Start of Block
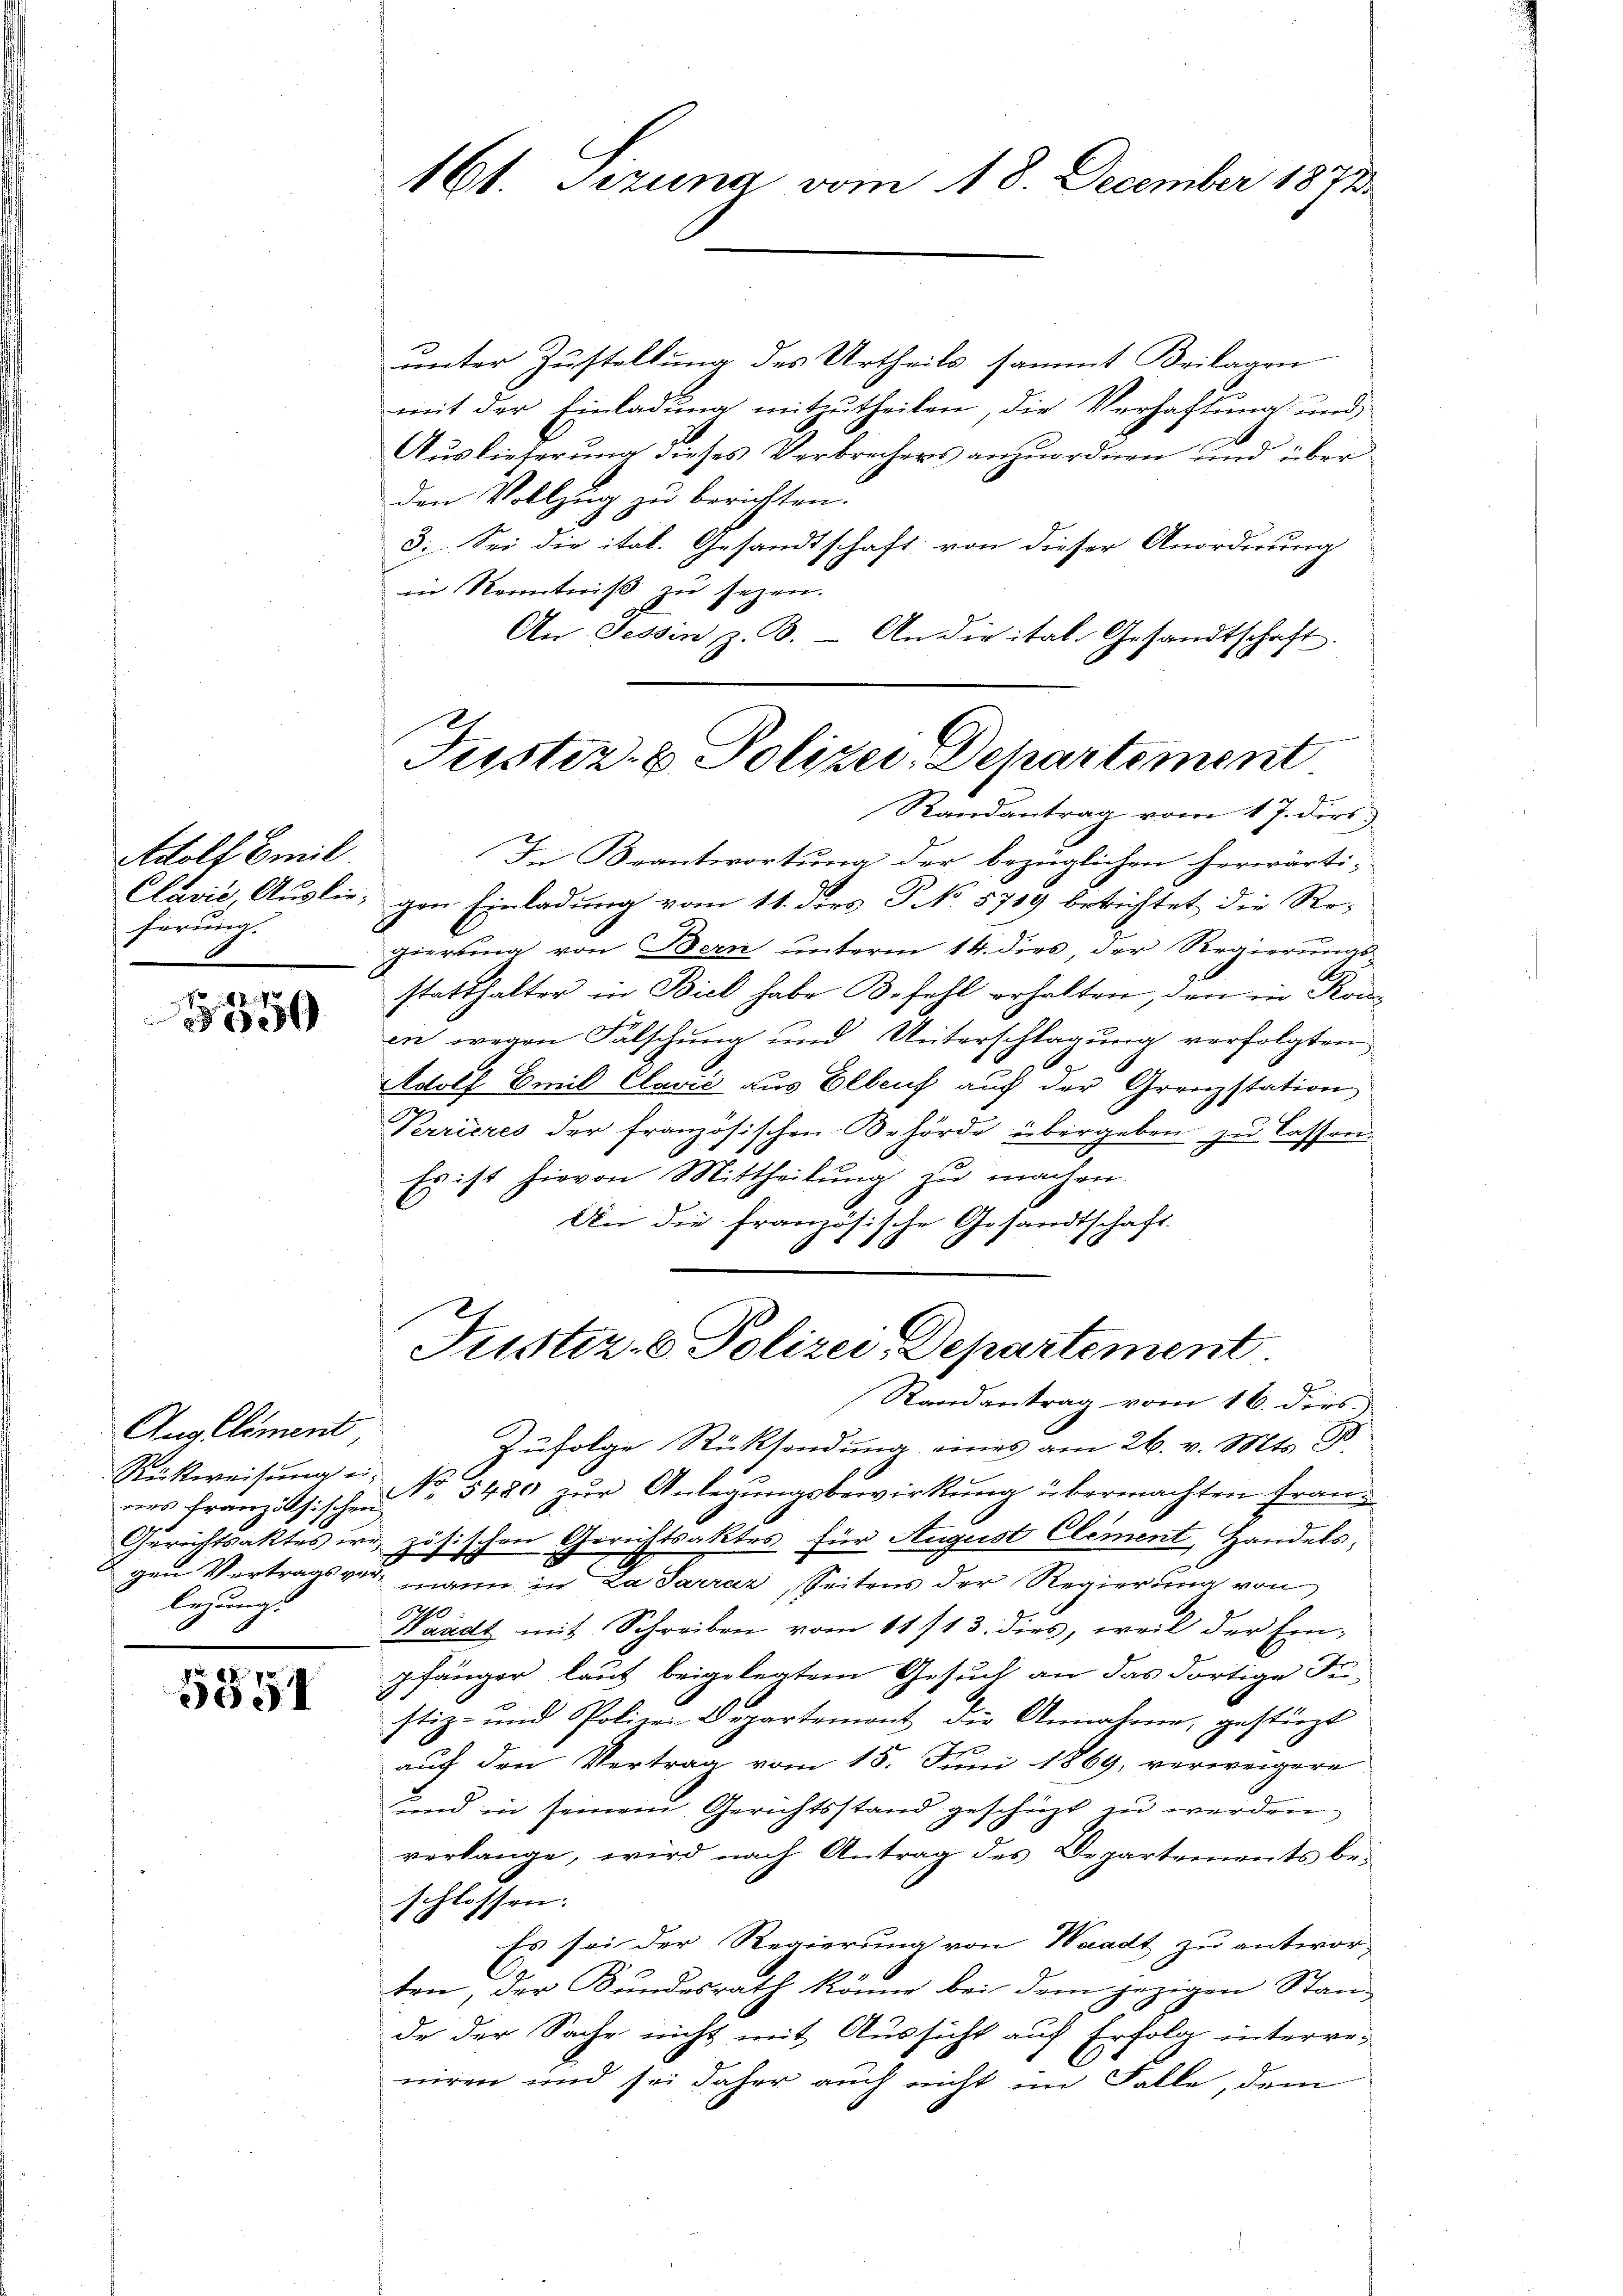
Adolf Emil.
ferung.

9

Anglliment
nes Französischen
legungs

8
3091

unter Zustellung des Urtheils sammt Beilagen
mit der Einladung mitzutheilen, die Verhaftung und
Auslieferung dieses Verbrechers anzuordnen und über
den Vollzug zu berichten.
3. Sei die ital. Gesandtschaft von dieser Anordnung
in Kenntniß zu sezen.
An Tessin z. B. - An die ital. Gesandtschaft.

161. Sizung vom 18. December 1872.

1
Justiz- & Polizei, Departement
Randantrag vom 17. dies

In Beantwortung der bezüglichen herwärti-
Clavić, Auslie, von Einladung vom 11. dies No. 5719 berichtet die Regierung von Bern unterm 14. dies, der Regierungs-
statthalter in Biel habe Befehl erhalten, den in Konin wegen Fälschung und Unterschlagung verfolgten
m
Adolf Emil Clavić aus Ellenf auf der Grenzstation
Verrieres der französischen Behörde übergeben zu lassen.
Es ist hievon Mittheilung zu machen.
An die französische Gesandtschaft.

Zufolge Rücksendung eines am 26. v. Mts. 98
Rückweisŭng u. No 5480 zŭr Anlegŭngsbewirkŭng übermachten Fran-
Gerichtsaktes er zösischen Gerichtsaktes für August Clement, Handelsgen Vertragsvermann in La Parraz, Seitens der Regierung von
60
Waadt mit Schreiben vom 11/13. dies, weil der Ein-
gfänger lauf beigelegtem Gesuch an das dortige Fistiz- und Polizei-Departement die Annahme, gestürzt
auf den Vertrag vom 15. Juni 1869, verweigere
und in seinem Gerichtsstand geschüzt zu werden
verlange, wird nach Antrag des Departements bei
schlossen:
Es sei der Regierung von Waadt zu antwor-
ten, der Bundesrath könne bei dem jezigen Stan-
de der Sache nicht mit Aussicht auf Erfolg interve-
niren und sei daher auch nicht im Falle, dem

Justiz- & Polizei-Departement.
Randantrag vom 16. dies
End of Block
### TASK TO CARRY OUT
Go through the material above and copy each line that has the word "Justiz".

### RESULT BELOW
Justiz- & Polizei, Departement
Justiz- & Polizei-Departement.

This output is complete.